Supply chain risk has become a dominant topic in security, particularly the security of shared services. Third parties that provide services to many organizations systemwide, such as cloud platforms and managed services providers, have outsized risk if they are not secure. The federal government is coordinating multiple work streams focused on supply chain security, and this work should continue as the complexity of interconnected systems will only increase.

As the Biden administration considers whether to carry on with domestic privacy legislation work initiated by the Obama team, they should prioritize federal requirements for consumers' personal information security. Roughly half of all states now have enacted laws requiring security for personal information. This patchwork is not good for businesses or consumers, yet there is greater consensus on federal security requirements for personal information than for other aspects of privacy.
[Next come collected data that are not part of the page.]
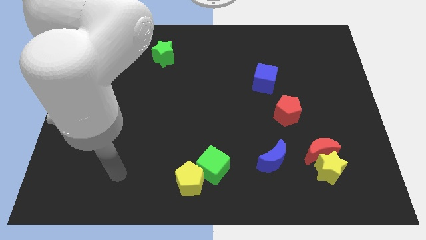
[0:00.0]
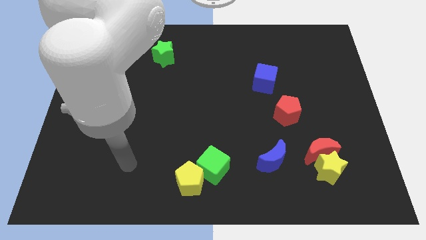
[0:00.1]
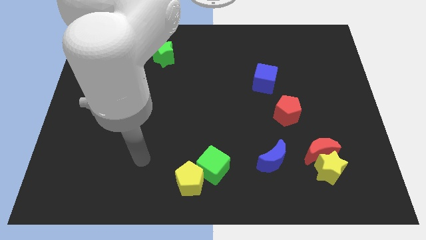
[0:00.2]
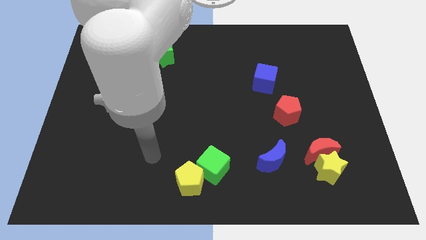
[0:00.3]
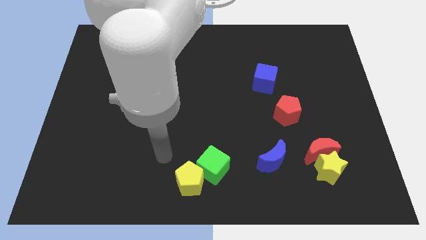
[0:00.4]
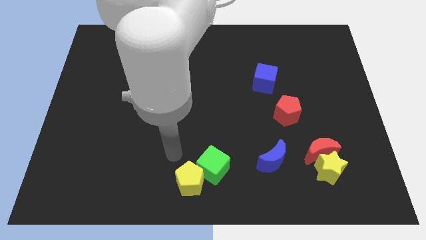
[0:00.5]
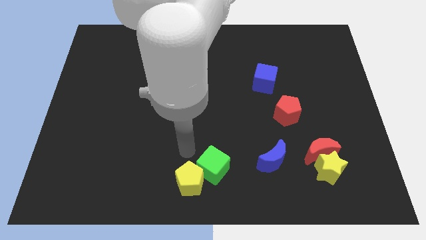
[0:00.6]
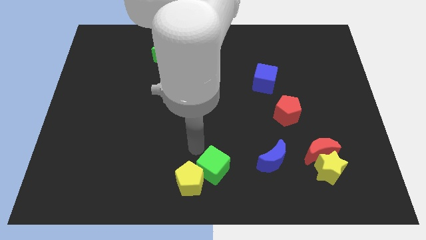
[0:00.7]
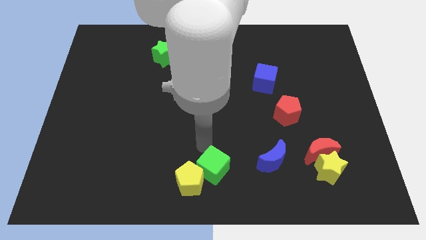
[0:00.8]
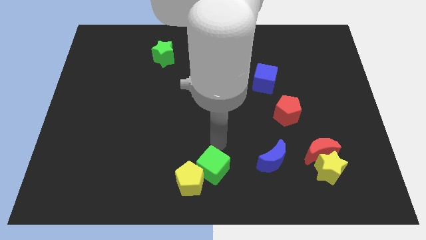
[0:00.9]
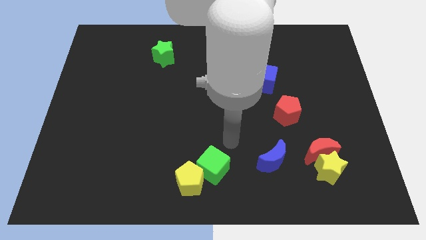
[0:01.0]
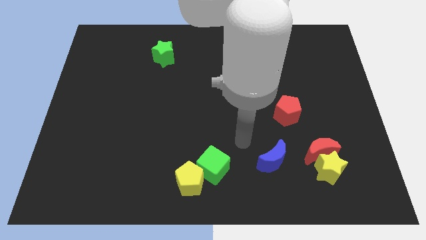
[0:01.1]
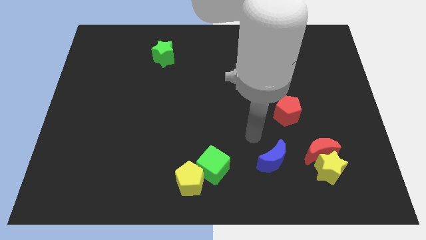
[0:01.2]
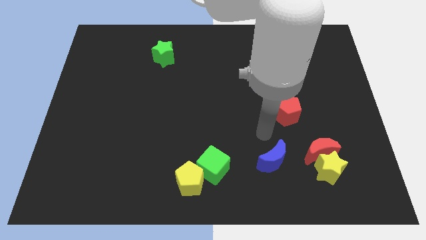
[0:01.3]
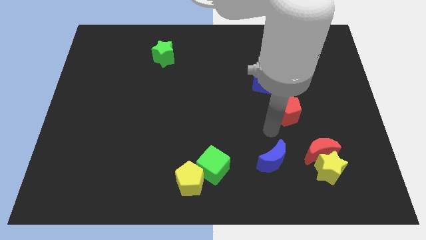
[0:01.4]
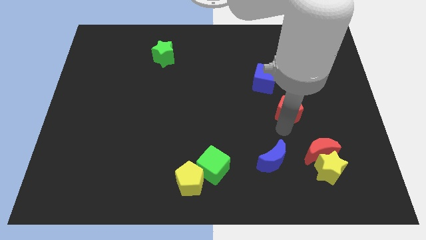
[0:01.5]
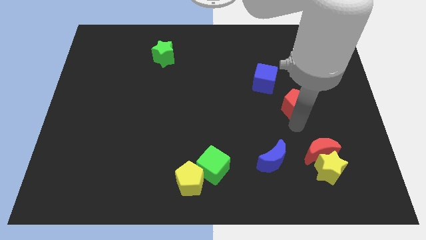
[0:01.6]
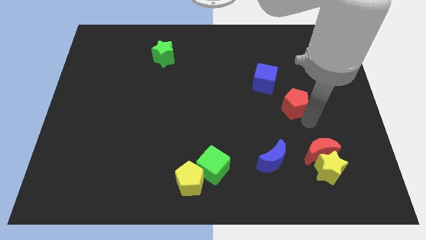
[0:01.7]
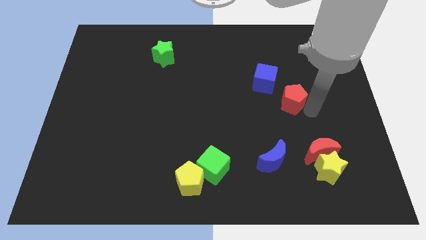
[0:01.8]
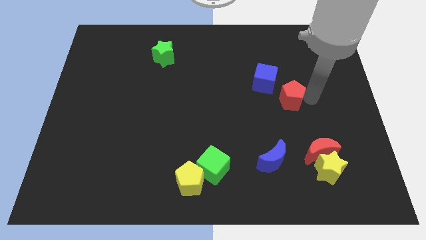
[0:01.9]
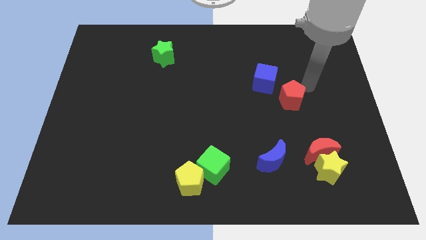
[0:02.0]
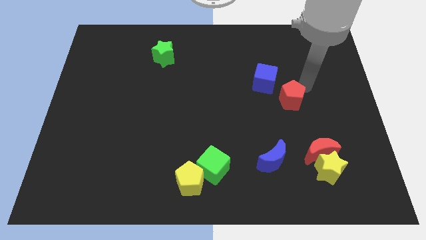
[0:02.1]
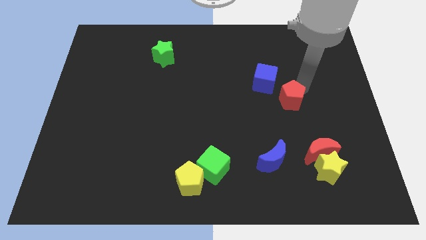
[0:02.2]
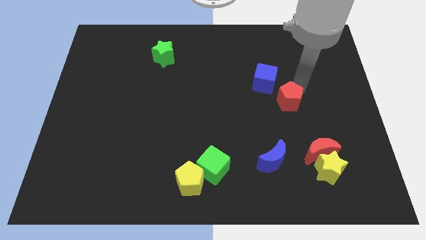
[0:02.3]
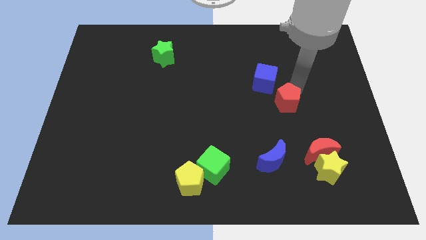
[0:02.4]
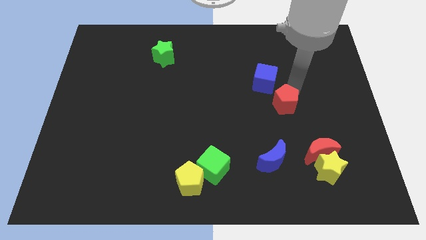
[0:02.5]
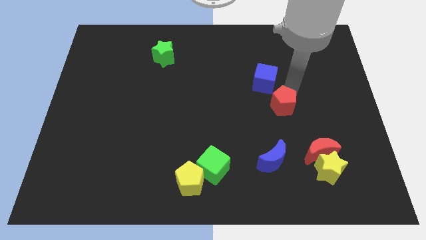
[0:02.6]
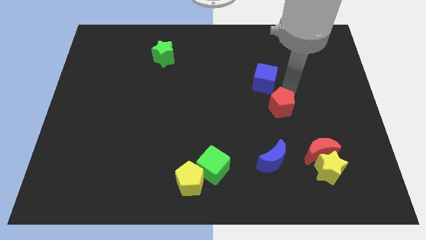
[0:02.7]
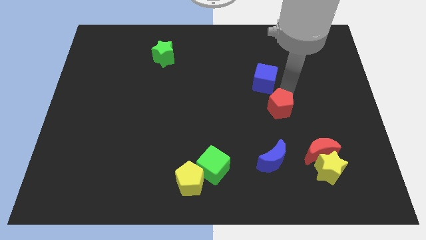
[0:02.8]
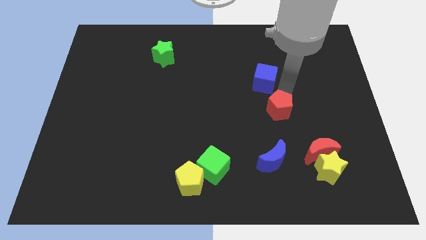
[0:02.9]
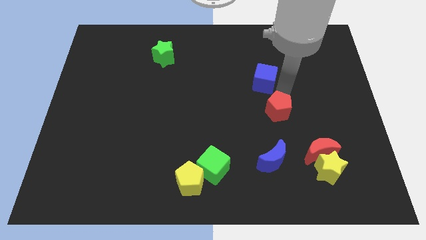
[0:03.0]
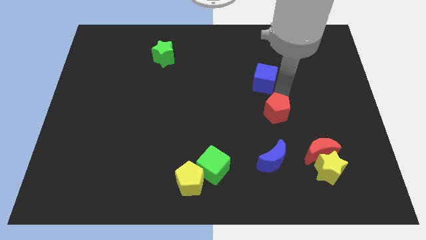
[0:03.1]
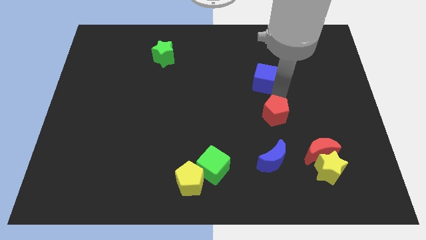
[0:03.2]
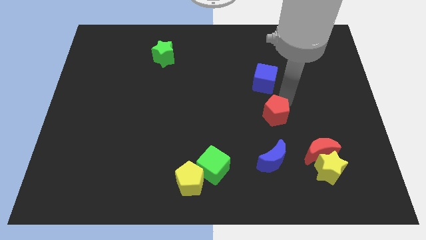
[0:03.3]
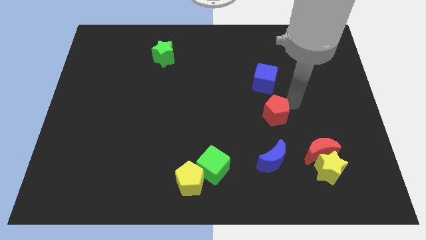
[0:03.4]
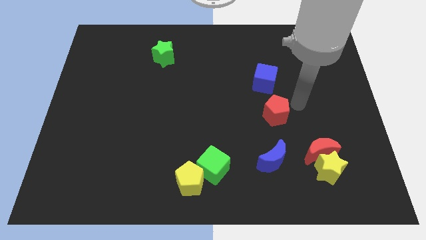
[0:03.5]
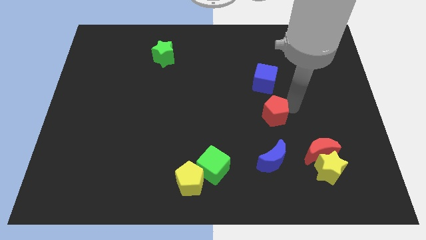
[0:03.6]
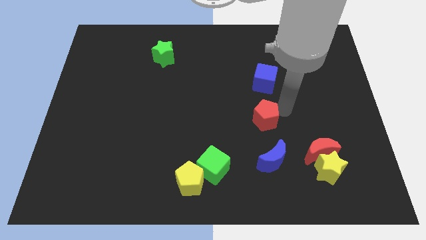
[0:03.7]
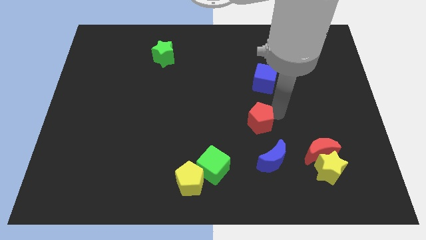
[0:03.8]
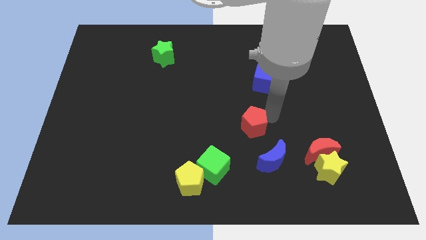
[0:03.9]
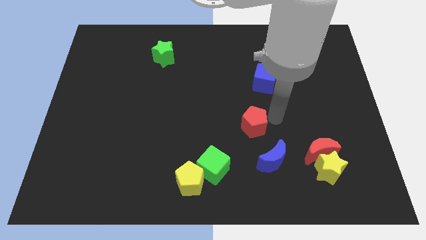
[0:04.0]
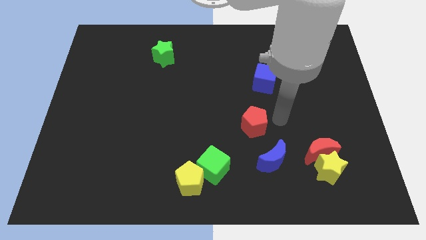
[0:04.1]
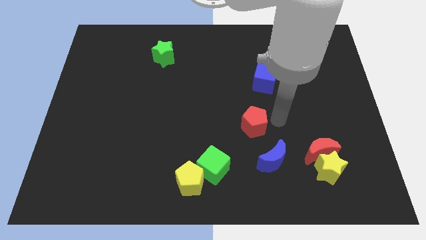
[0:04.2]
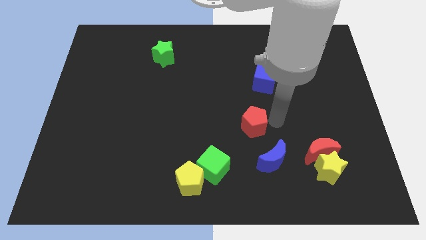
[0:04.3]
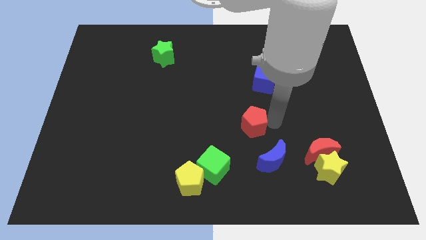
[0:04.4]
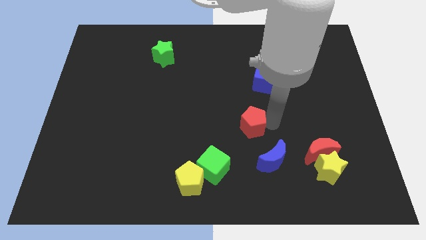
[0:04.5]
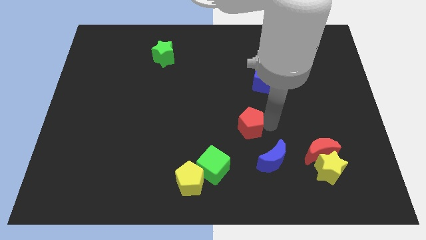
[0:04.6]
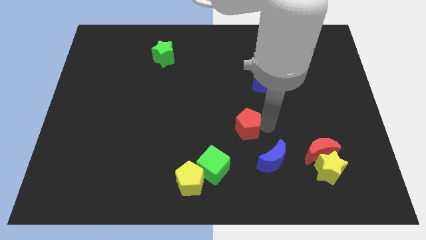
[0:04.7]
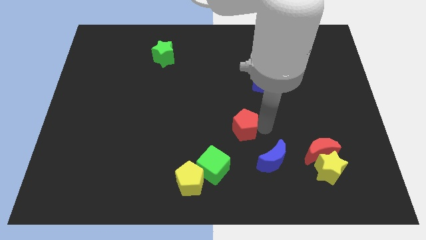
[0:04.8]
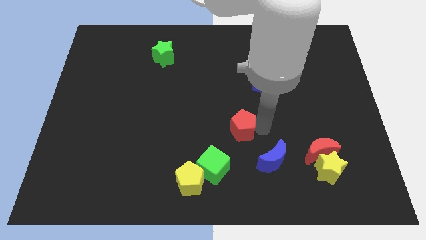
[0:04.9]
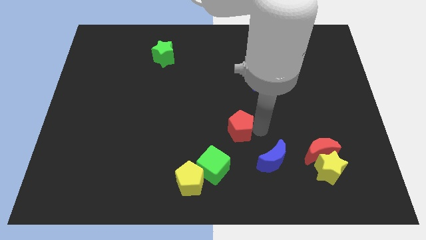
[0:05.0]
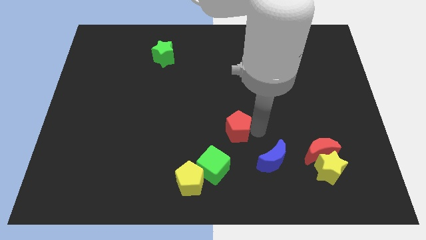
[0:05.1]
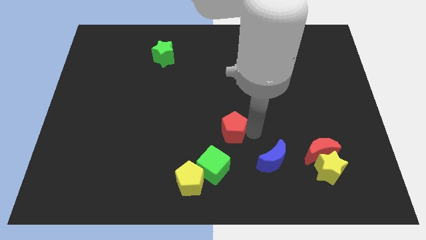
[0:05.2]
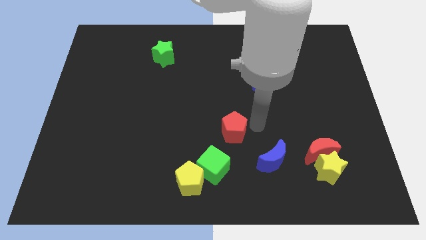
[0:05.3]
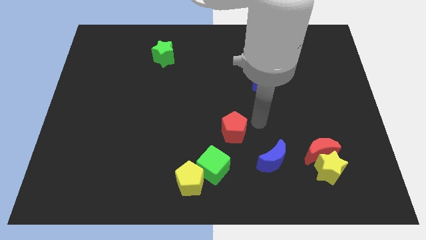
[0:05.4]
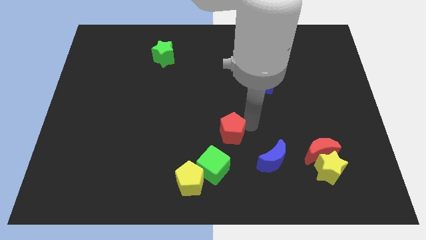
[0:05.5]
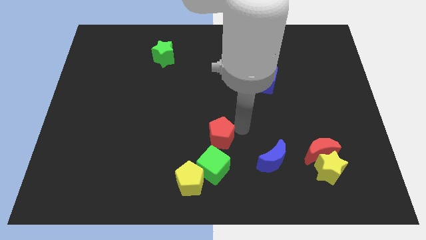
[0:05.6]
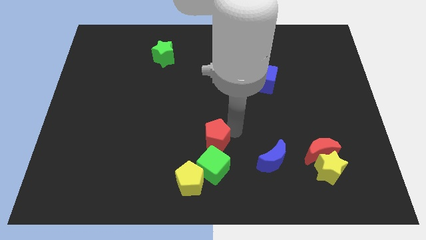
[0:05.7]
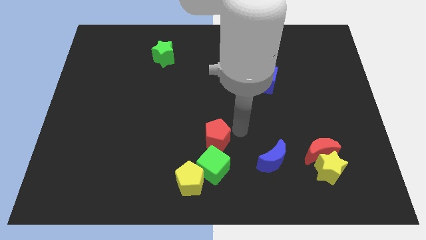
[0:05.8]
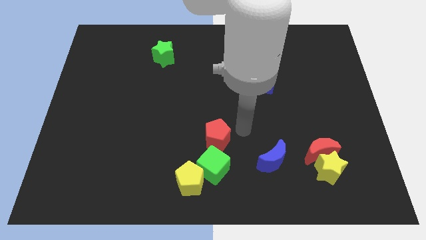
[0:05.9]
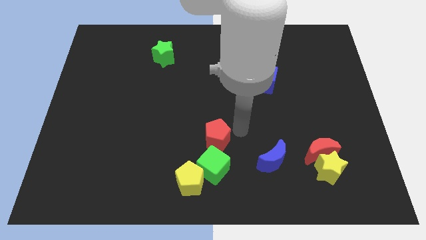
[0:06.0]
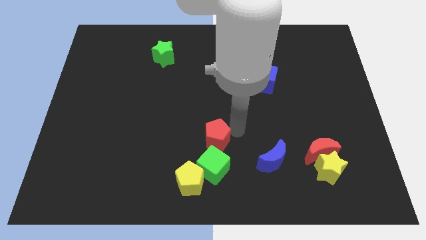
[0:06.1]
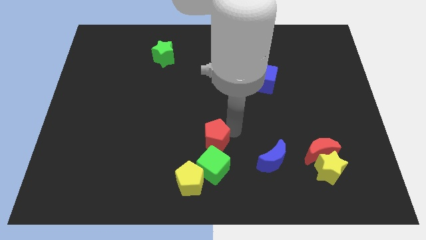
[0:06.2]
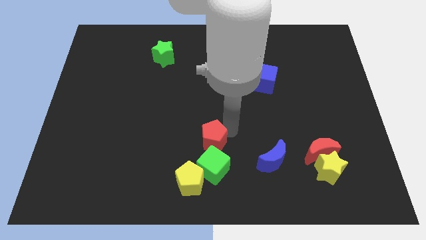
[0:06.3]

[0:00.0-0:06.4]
move the red pentagon to the top left of the green cube

While privacy is important, personal information security would independently advance the goals of protecting consumers and driving adoption of consistent basic cybersecurity practices in the private sector.

Sherry Ryan

CISO at Juniper Networks

In the wake of the SolarWinds incident, I expect a stronger emphasis to be given to supply chain security and for more assistance to be given to U.S. firms to help them strengthen their cyber defenses. This assistance will include more guidance documents, such as those provided currently by CISA and NIST, to aid organizations in hardening their infrastructures. I also anticipate a renewed focus on forging effective public-private partnerships to further our nation's cybersecurity posture and a greater commitment to attribution and accountability for hostile actions taken against U.S. organizations. My expectation is that investments in cybersecurity capabilities will be increased with a focus upon leading edge technology solutions.